L-38 MCS 494 Fri 22 Nov 2002

> restart;

Galerkin's method

We use the example in the book, on pages 244-245.

> ode := diff(y(x),x) + y(x) - 1 = 0;

> init := y(0) = 0; # initial condition

Maple can solve the differential equation symbolically:

> exact := dsolve({ode,init},y(x));

We propose to work with N basis functions x^i, i=1..N.

> N := 5;

The trial solution is then a linear combination of the basis functions:

> trial := sum(c[i]*x^i,i=1..N);

The residual is what is left from the ODE is we plug in the trial solution:

> residual := lhs(subs(y(x)=trial,ode));

> R := simplify(residual);

Galerkin's requirement is that the inner product of the residual with the basis functions is zero. This leads to a linear system in the coefficient of the trial function.

> sys := []:

> for i from 1 to N do

> sys := [op(sys),int(R*x^i,x=0..1) = 0]:

> od:

> sys;

> vars := seq(c[i],i=1..N);

> A,b := LinearAlgebra[GenerateMatrix](sys,[vars]);

> sol := solve({op(sys)},{vars});

> assign(sol);

> trial;

> trial_fun := unapply(trial,x);

> exact_fun := unapply(rhs(exact),x);

> evalf(trial_fun(1) - exact_fun(1));

So the solution is very accurate: on a plot we will not notice the difference between the exact and the approximate solution obtain by Galerkin's method.

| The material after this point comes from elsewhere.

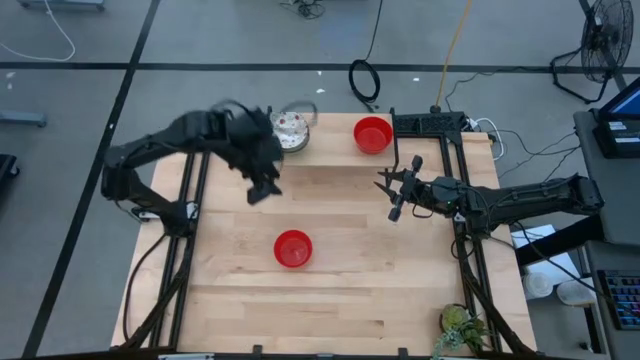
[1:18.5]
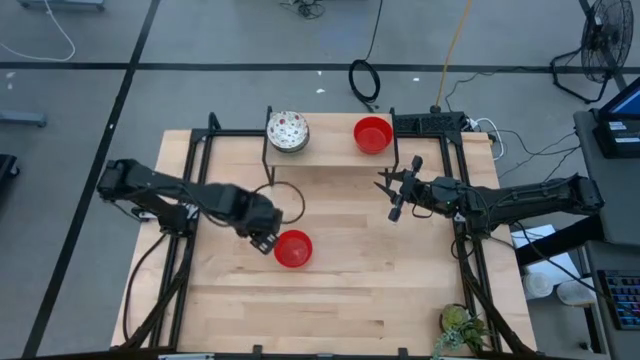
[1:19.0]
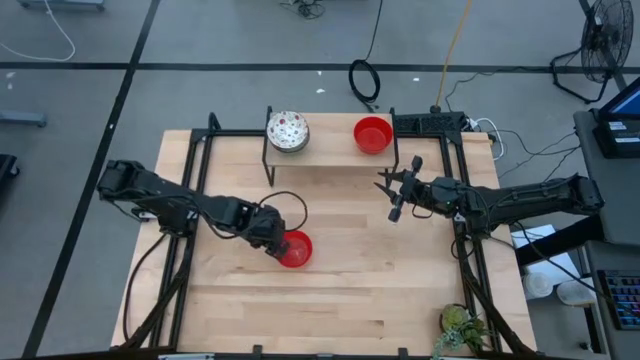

The problem with Galerkin's method is that the linear systems become very ill conditioned, i.e.: the solution is highly sensitive to errors on the input, and consequently, the problem is hard to solve with floating-point arithmetic.

> LinearAlgebra[ConditionNumber](A);

> evalf(%);

As the condition number is about 10^6, this means that in order to be sure of having 10 digits correct in the answer, we must use 16 decimal places in our computations.

Note that this is not a problem for Maple, which solved the linear system using exact arithmetic. However, please bear in mind that the solution is a polynomial of degree N. As N increases, the accurate evaluation of the solution will require more and more decimal places.

The Poisson Problem

The following PDE occurs as a model of steady fluid flow down a square tube:

> restart;

> pde := diff(u(x,y),x$2) + diff(u(x,y),y$2) + 1 = 0;

We take zero boundary conditions on the unit square.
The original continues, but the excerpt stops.